A method of measuring efficacy of treatment in a subject treated for a disease associated with tau aggregation or deposition, comprising:
(a) pretreatment by administering an antibody as defined in any one of claims 1 to 26 to a subject and detecting a first amount of antibody bound to tau in said subject; measuring a first level of tau protein deposits in said subject;
(b) administering said treatment to said subject;
(c) a second level of tau protein deposits in said subject after treatment by administering said antibody to said subject and detecting a second amount of antibody bound to tau in said subject; the step of measuring
including
A method wherein no change in the level of tau protein deposits or a slight increase in tau protein deposits indicates a positive response to treatment.

A method of producing an antibody that specifically binds human tau at an epitope within a motif of the formula KXXSXXNX(K/H)H (SEQ ID NO: 191) or KIGSLDNITH (SEQ ID NO: 194), comprising immunizing an animal with human tau or a fragment thereof. and screening for one of the produced antibodies that specifically binds within said motif.

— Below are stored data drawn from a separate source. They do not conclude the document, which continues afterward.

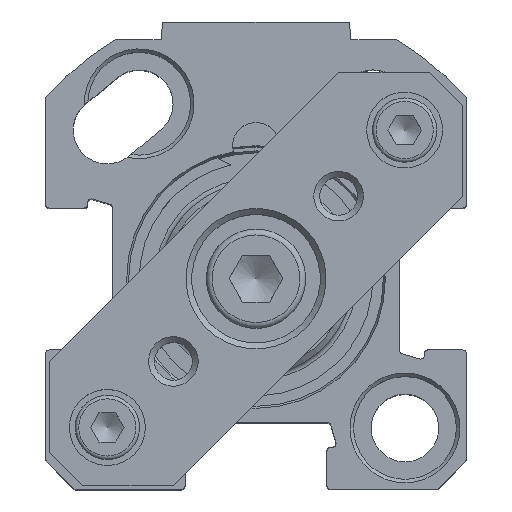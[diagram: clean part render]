
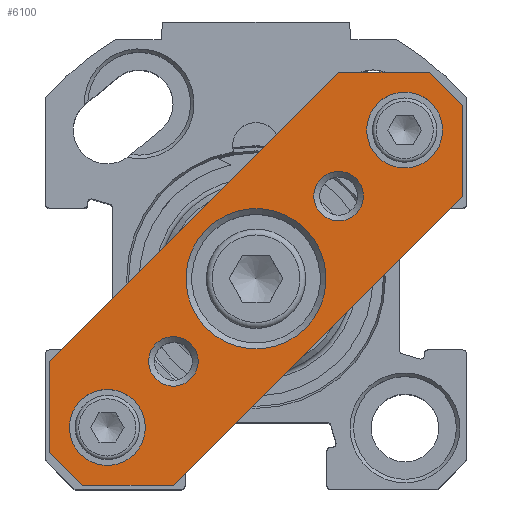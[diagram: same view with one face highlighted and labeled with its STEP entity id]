
A CAD part, top view. The second image highlights one B-rep face of the part: STEP entity #6100.
In plain terms, the highlighted planar face has unit normal (0, 0, 1).
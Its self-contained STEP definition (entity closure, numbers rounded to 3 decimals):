
#5970=CARTESIAN_POINT('',(4.243,4.243,59.5));
#5971=VERTEX_POINT('',#5970);
#5972=CARTESIAN_POINT('',(0.,0.,59.5));
#5973=DIRECTION('',(0.0,0.0,1.0));
#5974=DIRECTION('',(-0.707,-0.707,0.0));
#5975=AXIS2_PLACEMENT_3D('',#5972,#5973,#5974);
#5976=CIRCLE('',#5975,6.);
#5977=EDGE_CURVE('',#5971,#5971,#5976,.T.);
#5982=CARTESIAN_POINT('',(0.,0.,59.5));
#5983=DIRECTION('',(0.0,0.0,-1.0));
#5984=DIRECTION('',(-1.0,0.0,0.0));
#5985=AXIS2_PLACEMENT_3D('',#5982,#5983,#5984);
#5986=PLANE('',#5985);
#5987=CARTESIAN_POINT('',(-17.678,-7.071,59.5));
#5988=VERTEX_POINT('',#5987);
#5989=CARTESIAN_POINT('',(7.071,17.678,59.5));
#5990=VERTEX_POINT('',#5989);
#5991=CARTESIAN_POINT('',(-17.678,-7.071,59.5));
#5992=DIRECTION('',(0.707,0.707,0.0));
#5993=VECTOR('',#5992,35.);
#5994=LINE('',#5991,#5993);
#5995=EDGE_CURVE('',#5988,#5990,#5994,.T.);
#5996=ORIENTED_EDGE('',*,*,#5995,.F.);
#5997=CARTESIAN_POINT('',(-17.678,-14.849,59.5));
#5998=VERTEX_POINT('',#5997);
#5999=CARTESIAN_POINT('',(-17.678,-14.849,59.5));
#6000=DIRECTION('',(0.0,1.0,0.0));
#6001=VECTOR('',#6000,7.778);
#6002=LINE('',#5999,#6001);
#6003=EDGE_CURVE('',#5998,#5988,#6002,.T.);
#6004=ORIENTED_EDGE('',*,*,#6003,.F.);
#6005=CARTESIAN_POINT('',(-14.849,-17.678,59.5));
#6006=VERTEX_POINT('',#6005);
#6007=CARTESIAN_POINT('',(-14.849,-17.678,59.5));
#6008=DIRECTION('',(-0.707,0.707,0.0));
#6009=VECTOR('',#6008,4.);
#6010=LINE('',#6007,#6009);
#6011=EDGE_CURVE('',#6006,#5998,#6010,.T.);
#6012=ORIENTED_EDGE('',*,*,#6011,.F.);
#6013=CARTESIAN_POINT('',(-7.071,-17.678,59.5));
#6014=VERTEX_POINT('',#6013);
#6015=CARTESIAN_POINT('',(-7.071,-17.678,59.5));
#6016=DIRECTION('',(-1.0,0.0,0.0));
#6017=VECTOR('',#6016,7.778);
#6018=LINE('',#6015,#6017);
#6019=EDGE_CURVE('',#6014,#6006,#6018,.T.);
#6020=ORIENTED_EDGE('',*,*,#6019,.F.);
#6021=CARTESIAN_POINT('',(17.678,7.071,59.5));
#6022=VERTEX_POINT('',#6021);
#6023=CARTESIAN_POINT('',(17.678,7.071,59.5));
#6024=DIRECTION('',(-0.707,-0.707,0.0));
#6025=VECTOR('',#6024,35.);
#6026=LINE('',#6023,#6025);
#6027=EDGE_CURVE('',#6022,#6014,#6026,.T.);
#6028=ORIENTED_EDGE('',*,*,#6027,.F.);
#6029=CARTESIAN_POINT('',(17.678,14.849,59.5));
#6030=VERTEX_POINT('',#6029);
#6031=CARTESIAN_POINT('',(17.678,14.849,59.5));
#6032=DIRECTION('',(0.0,-1.0,0.0));
#6033=VECTOR('',#6032,7.778);
#6034=LINE('',#6031,#6033);
#6035=EDGE_CURVE('',#6030,#6022,#6034,.T.);
#6036=ORIENTED_EDGE('',*,*,#6035,.F.);
#6037=CARTESIAN_POINT('',(14.849,17.678,59.5));
#6038=VERTEX_POINT('',#6037);
#6039=CARTESIAN_POINT('',(14.849,17.678,59.5));
#6040=DIRECTION('',(0.707,-0.707,0.0));
#6041=VECTOR('',#6040,4.);
#6042=LINE('',#6039,#6041);
#6043=EDGE_CURVE('',#6038,#6030,#6042,.T.);
#6044=ORIENTED_EDGE('',*,*,#6043,.F.);
#6045=CARTESIAN_POINT('',(7.071,17.678,59.5));
#6046=DIRECTION('',(1.0,0.0,0.0));
#6047=VECTOR('',#6046,7.778);
#6048=LINE('',#6045,#6047);
#6049=EDGE_CURVE('',#5990,#6038,#6048,.T.);
#6050=ORIENTED_EDGE('',*,*,#6049,.F.);
#6051=EDGE_LOOP('',(#5996,#6004,#6012,#6020,#6028,#6036,#6044,#6050));
#6052=FACE_OUTER_BOUND('',#6051,.T.);
#6053=CARTESIAN_POINT('',(8.571,8.571,59.5));
#6054=VERTEX_POINT('',#6053);
#6055=CARTESIAN_POINT('',(7.071,7.071,59.5));
#6056=DIRECTION('',(0.0,0.0,1.0));
#6057=DIRECTION('',(-0.707,-0.707,0.0));
#6058=AXIS2_PLACEMENT_3D('',#6055,#6056,#6057);
#6059=CIRCLE('',#6058,2.121);
#6060=EDGE_CURVE('',#6054,#6054,#6059,.T.);
#6061=ORIENTED_EDGE('',*,*,#6060,.F.);
#6062=EDGE_LOOP('',(#6061));
#6063=FACE_BOUND('',#6062,.T.);
#6064=CARTESIAN_POINT('',(-10.43,-10.43,59.5));
#6065=VERTEX_POINT('',#6064);
#6066=CARTESIAN_POINT('',(-12.728,-12.728,59.5));
#6067=DIRECTION('',(0.0,0.0,-1.0));
#6068=DIRECTION('',(0.707,0.707,0.0));
#6069=AXIS2_PLACEMENT_3D('',#6066,#6067,#6068);
#6070=CIRCLE('',#6069,3.25);
#6071=EDGE_CURVE('',#6065,#6065,#6070,.T.);
#6072=ORIENTED_EDGE('',*,*,#6071,.T.);
#6073=EDGE_LOOP('',(#6072));
#6074=FACE_BOUND('',#6073,.T.);
#6075=CARTESIAN_POINT('',(15.026,15.026,59.5));
#6076=VERTEX_POINT('',#6075);
#6077=CARTESIAN_POINT('',(12.728,12.728,59.5));
#6078=DIRECTION('',(0.0,0.0,-1.0));
#6079=DIRECTION('',(0.707,0.707,0.0));
#6080=AXIS2_PLACEMENT_3D('',#6077,#6078,#6079);
#6081=CIRCLE('',#6080,3.25);
#6082=EDGE_CURVE('',#6076,#6076,#6081,.T.);
#6083=ORIENTED_EDGE('',*,*,#6082,.T.);
#6084=EDGE_LOOP('',(#6083));
#6085=FACE_BOUND('',#6084,.T.);
#6086=CARTESIAN_POINT('',(-5.571,-5.571,59.5));
#6087=VERTEX_POINT('',#6086);
#6088=CARTESIAN_POINT('',(-7.071,-7.071,59.5));
#6089=DIRECTION('',(0.0,0.0,1.0));
#6090=DIRECTION('',(-0.707,-0.707,0.0));
#6091=AXIS2_PLACEMENT_3D('',#6088,#6089,#6090);
#6092=CIRCLE('',#6091,2.121);
#6093=EDGE_CURVE('',#6087,#6087,#6092,.T.);
#6094=ORIENTED_EDGE('',*,*,#6093,.F.);
#6095=EDGE_LOOP('',(#6094));
#6096=FACE_BOUND('',#6095,.T.);
#6097=ORIENTED_EDGE('',*,*,#5977,.F.);
#6098=EDGE_LOOP('',(#6097));
#6099=FACE_BOUND('',#6098,.T.);
#6100=ADVANCED_FACE('',(#6052,#6063,#6074,#6085,#6096,#6099),#5986,.F.);

42. The method of claim 41 , wherein said animal is immunized with 383 amino acid human tau (4R0N).

43. The method of claim 42 , wherein said human tau comprises a P301S mutation.

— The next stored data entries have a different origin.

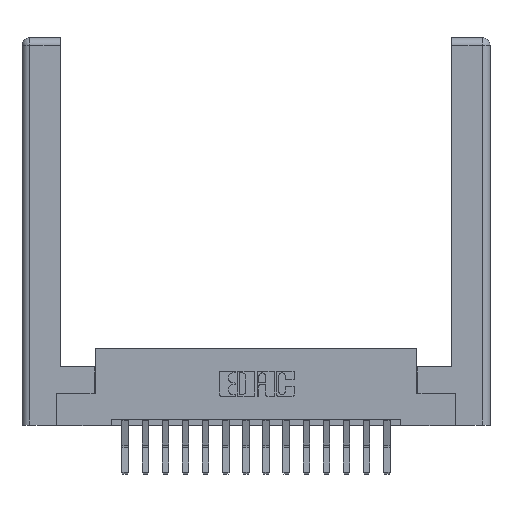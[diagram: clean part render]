
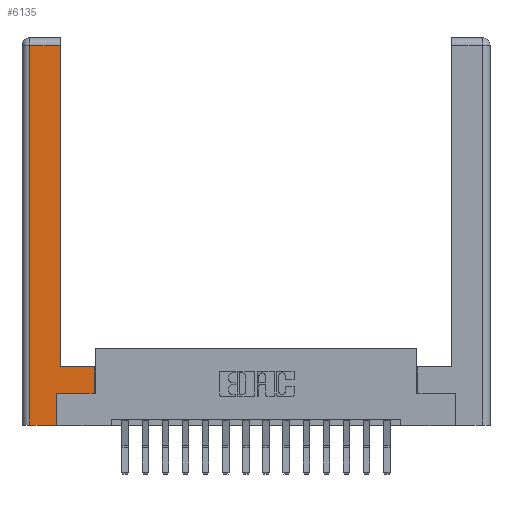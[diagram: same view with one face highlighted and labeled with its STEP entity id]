
A CAD part, top view. The second image highlights one B-rep face of the part: STEP entity #6135.
In plain terms, the highlighted planar face has unit normal (0, 0, 1).
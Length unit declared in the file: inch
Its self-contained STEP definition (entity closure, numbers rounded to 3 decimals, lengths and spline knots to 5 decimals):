
#120 = CARTESIAN_POINT ( 'NONE',  ( 0.265, 0.245, 0. ) ) ;
#356 = CARTESIAN_POINT ( 'NONE',  ( 0.565, 0.245, 0. ) ) ;
#446 = LINE ( 'NONE', #10257, #2941 ) ;
#753 = EDGE_CURVE ( 'NONE', #5710, #1778, #446, .T. ) ;
#1508 = LINE ( 'NONE', #2151, #6468 ) ;
#1610 = LINE ( 'NONE', #356, #4894 ) ;
#1675 = DIRECTION ( 'NONE',  ( -1., 0., 0. ) ) ;
#1778 = VERTEX_POINT ( 'NONE', #6675 ) ;
#2151 = CARTESIAN_POINT ( 'NONE',  ( 0.565, 0.45, 0. ) ) ;
#2332 = EDGE_LOOP ( 'NONE', ( #15674, #14688, #13989, #6122, #13990, #7692, #6534, #3273 ) ) ;
#2941 = VECTOR ( 'NONE', #12953, 39.37008 ) ;
#3010 = PLANE ( 'NONE',  #3802 ) ;
#3055 = LINE ( 'NONE', #3560, #8631 ) ;
#3273 = ORIENTED_EDGE ( 'NONE', *, *, #8428, .T. ) ;
#3303 = LINE ( 'NONE', #6112, #11386 ) ;
#3560 = CARTESIAN_POINT ( 'NONE',  ( 0.0615, 2.94, 0. ) ) ;
#3591 = CARTESIAN_POINT ( 'NONE',  ( 0.295, 0.45, 0. ) ) ;
#3802 = AXIS2_PLACEMENT_3D ( 'NONE', #9471, #13604, #1675 ) ;
#4124 = VERTEX_POINT ( 'NONE', #120 ) ;
#4229 = VERTEX_POINT ( 'NONE', #16026 ) ;
#4742 = DIRECTION ( 'NONE',  ( 0., 1., 0. ) ) ;
#4894 = VECTOR ( 'NONE', #5554, 39.37008 ) ;
#4993 = DIRECTION ( 'NONE',  ( -1., 0., 0. ) ) ;
#5554 = DIRECTION ( 'NONE',  ( 1., 0., 0. ) ) ;
#5710 = VERTEX_POINT ( 'NONE', #3591 ) ;
#5943 = VECTOR ( 'NONE', #11444, 39.37008 ) ;
#6098 = CARTESIAN_POINT ( 'NONE',  ( 0.265, 0., 0. ) ) ;
#6112 = CARTESIAN_POINT ( 'NONE',  ( 0.295, 0.45, 0. ) ) ;
#6122 = ORIENTED_EDGE ( 'NONE', *, *, #14574, .T. ) ;
#6135 = ADVANCED_FACE ( 'NONE', ( #7680 ), #3010, .F. ) ;
#6255 = CARTESIAN_POINT ( 'NONE',  ( 0.0615, 0., 0. ) ) ;
#6468 = VECTOR ( 'NONE', #4742, 39.37008 ) ;
#6534 = ORIENTED_EDGE ( 'NONE', *, *, #11894, .T. ) ;
#6675 = CARTESIAN_POINT ( 'NONE',  ( 0.295, 2.94, 0. ) ) ;
#7393 = EDGE_CURVE ( 'NONE', #13889, #4124, #11811, .T. ) ;
#7680 = FACE_OUTER_BOUND ( 'NONE', #2332, .T. ) ;
#7692 = ORIENTED_EDGE ( 'NONE', *, *, #9370, .T. ) ;
#7821 = DIRECTION ( 'NONE',  ( -1., 0., 0. ) ) ;
#8000 = VERTEX_POINT ( 'NONE', #13353 ) ;
#8040 = VECTOR ( 'NONE', #16855, 39.37008 ) ;
#8383 = CARTESIAN_POINT ( 'NONE',  ( 0.565, 0.45, 0. ) ) ;
#8428 = EDGE_CURVE ( 'NONE', #12264, #5710, #3303, .T. ) ;
#8568 = CARTESIAN_POINT ( 'NONE',  ( 0.0615, 2.94, 0. ) ) ;
#8603 = CARTESIAN_POINT ( 'NONE',  ( 0.265, 0., 0. ) ) ;
#8631 = VECTOR ( 'NONE', #7821, 39.37008 ) ;
#9370 = EDGE_CURVE ( 'NONE', #4124, #4229, #1610, .T. ) ;
#9471 = CARTESIAN_POINT ( 'NONE',  ( 0., 0., 0. ) ) ;
#10257 = CARTESIAN_POINT ( 'NONE',  ( 0.295, 3., 0. ) ) ;
#10510 = LINE ( 'NONE', #6098, #5943 ) ;
#10739 = DIRECTION ( 'NONE',  ( 0., 1., 0. ) ) ;
#11386 = VECTOR ( 'NONE', #4993, 39.37008 ) ;
#11444 = DIRECTION ( 'NONE',  ( 1., 0., 0. ) ) ;
#11811 = LINE ( 'NONE', #13616, #16828 ) ;
#11894 = EDGE_CURVE ( 'NONE', #4229, #12264, #1508, .T. ) ;
#12264 = VERTEX_POINT ( 'NONE', #8383 ) ;
#12953 = DIRECTION ( 'NONE',  ( 0., 1., 0. ) ) ;
#13063 = LINE ( 'NONE', #6255, #8040 ) ;
#13353 = CARTESIAN_POINT ( 'NONE',  ( 0.0615, 0., 0. ) ) ;
#13414 = EDGE_CURVE ( 'NONE', #16534, #8000, #13063, .T. ) ;
#13604 = DIRECTION ( 'NONE',  ( 0., 0., -1. ) ) ;
#13616 = CARTESIAN_POINT ( 'NONE',  ( 0.265, 0.245, 0. ) ) ;
#13889 = VERTEX_POINT ( 'NONE', #8603 ) ;
#13989 = ORIENTED_EDGE ( 'NONE', *, *, #13414, .T. ) ;
#13990 = ORIENTED_EDGE ( 'NONE', *, *, #7393, .T. ) ;
#14574 = EDGE_CURVE ( 'NONE', #8000, #13889, #10510, .T. ) ;
#14586 = EDGE_CURVE ( 'NONE', #1778, #16534, #3055, .T. ) ;
#14688 = ORIENTED_EDGE ( 'NONE', *, *, #14586, .T. ) ;
#15674 = ORIENTED_EDGE ( 'NONE', *, *, #753, .T. ) ;
#16026 = CARTESIAN_POINT ( 'NONE',  ( 0.565, 0.245, 0. ) ) ;
#16534 = VERTEX_POINT ( 'NONE', #8568 ) ;
#16828 = VECTOR ( 'NONE', #10739, 39.37008 ) ;
#16855 = DIRECTION ( 'NONE',  ( 0., -1., 0. ) ) ;

wherein said screen comprises said antibody and any other antibody represented by KIGSTENLKH (SEQ ID NO: 188), KCGSKDNIKH (SEQ ID NO: 192), KCGSLGNIHH (SEQ ID NO: 193), or KXXSXXNX(K/H)H (SEQ ID NO: 191), respectively. 42. The method of claim 41 , wherein specific binding between one or more peptides of up to 15 amino acids comprising a consensus motif is determined.

42. The method of claim 41 , wherein said animal is immunized with a tau fragment of up to 15 amino acids comprising KXXSXXNX(K/H)H (SEQ ID NO: 191) linked to a carrier.

46. The method of claim 45 , wherein the peptide is KIGSTENLKH (SEQ ID NO: 188) or KCGSKDNIKH (SEQ ID NO: 192) or KCGSLGNIHH (SEQ ID NO: 193).